Des murailles de Chine contre le crédit social

AUTEUR DE LA PUBLICATION

Vous venez de vous installer dans un train nouvelle génération. Les haut-parleurs diffusent le message suivant d’une voix mécanique : « chers passagers, les gens qui circulent sans tickets, se comportent de façon inappropriée ou fument dans les espaces publics seront punis selon la réglementation et seront signalés à la base de données de crédit individuel. Pour éviter une dévalorisation de votre crédit personnel, veuillez vous conformer au règlement. »

Il ne s’agit pas d’un nouvel épisode de la série d’anticipation Black-mirror, mais d’une vidéo filmée à la dérobée il y a quelques jours dans le train Pékin-Shanghai. La Chine a mis en place en l’espace de quelques années le système de contrôle des comportements le plus élaboré et le plus implacable de l’histoire humaine. Toutes les actions sur les réseaux sociaux, les échanges sur WeChat, les déplacements, les achats, toute la vie des Chinois en un mot fait l’objet d’un contrôle centralisé.

Le Télécran de 1984 existe, en version XXL : ses millions de caméras sont placées dans les rues et parviennent, par reconnaissance faciale, à attribuer précisément les comportements extérieurs à chaque citoyen. Le résultat est une note de « crédit social » sanctionnant les récalcitrants, les non conformes. Une note dégradée limite vos capacités à voyager, vous loger, travailler. Elle signe votre bannissement social, et celle de votre famille, en empêchant par exemple vos enfants de s’inscrire à l’université. Mao et Staline en salivent d’envie dans leurs tombes.

Sommes-nous si loin de cette menace dans nos démocraties libérales ? La société du zéro-risque, qui vit l’accident comme un scandale ; l’inquiétude contre la diffusion des fausses nouvelles qui encourage à interdire l’anonymat sur internet ; la menace terroriste enfin : autant de facteurs justifiant par avance les mesures liberticides. De plus, les esprits sont préparés à la notation : internet nous a d’ores et déjà habitués à noter et à être notés dans maintes circonstances (taxi, hébergement…). L’idée d’une généralisation proche d’un système à la chinoise est rien moins que spéculative : Amazon a annoncé développer pour le compte du gouvernement américain une technologie de reconnaissance faciale pour lutter contre l’immigration…

L’enjeu de la prochaine décennie est d’imaginer un modèle de société ouverte qui nous permette de profiter des bénéfices du numérique sans en réaliser le terrible potentiel totalitaire. Nos démocraties ne survivront que si elles parviennent à incarner une alternative efficace au modèle hyper-centralisé et autoritaire de la Chine.
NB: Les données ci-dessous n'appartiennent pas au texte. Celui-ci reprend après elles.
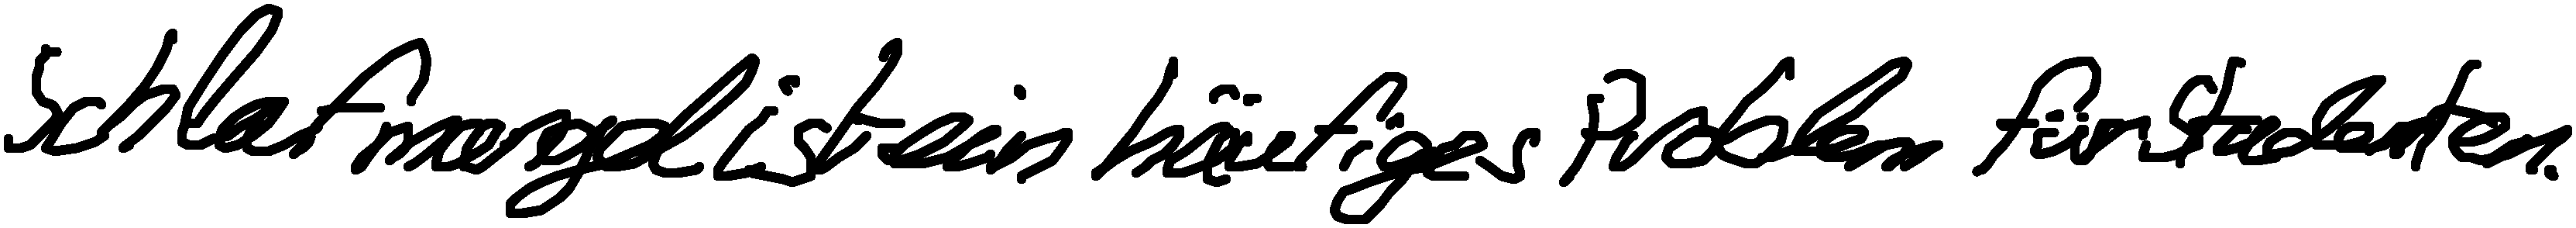
Schlafmangel ist ein häufiges Problem für Studenten.
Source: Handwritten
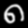
Digit: ၈ (8)
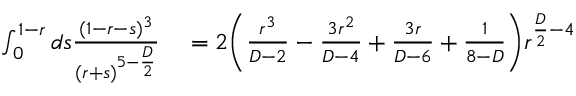
\begin{array} { r l } { \int _ { 0 } ^ { 1 - r } d s \frac { ( 1 - r - s ) ^ { 3 } } { ( r + s ) ^ { 5 - \frac { D } { 2 } } } } & { { } = 2 \bigg ( \frac { r ^ { 3 } } { D - 2 } - \frac { 3 r ^ { 2 } } { D - 4 } + \frac { 3 r } { D - 6 } + \frac { 1 } { 8 - D } \bigg ) r ^ { \frac { D } { 2 } - 4 } } \end{array}
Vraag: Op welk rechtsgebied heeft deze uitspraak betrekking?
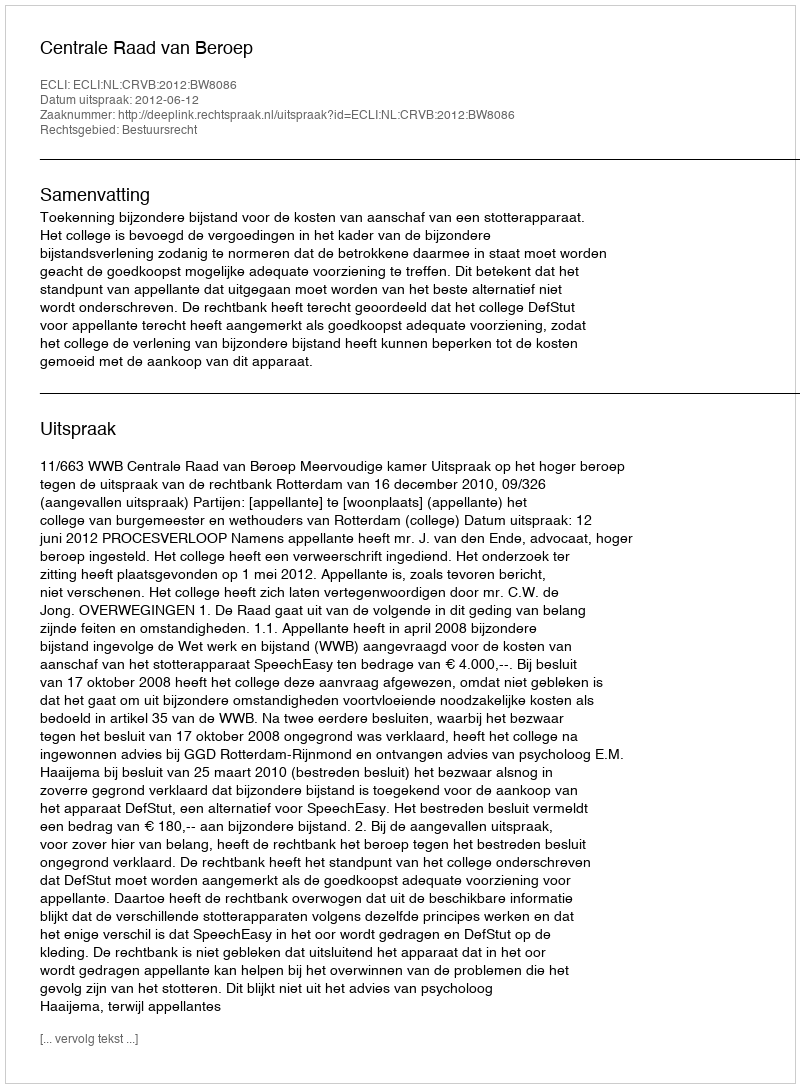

Sinon, elles en seront juste une version « sympa », enrobée d’un peu plus de câlins mais au fond exactement semblable. Pour les services numériques, la différence entre authentification et identification doit devenir aussi essentielle dans notre démocratie que la séparation des pouvoirs. L’Etat doit surtout fixer de fortes limites à sa capacité de recouper les données qu’il obtient sur nous, en créant ce que les entreprises nomment, ironie de l’histoire, des « murailles de Chine » entre ses bases données.

Malheureusement, les déclarations de responsables politiques (ou qui ambitionnent de le redevenir) tels que Ségolène Royal proposant de « débrancher les réseaux sociaux » ne rendent optimiste ni sur leur degré de réalisme ni sur leur attachement à la liberté individuelle.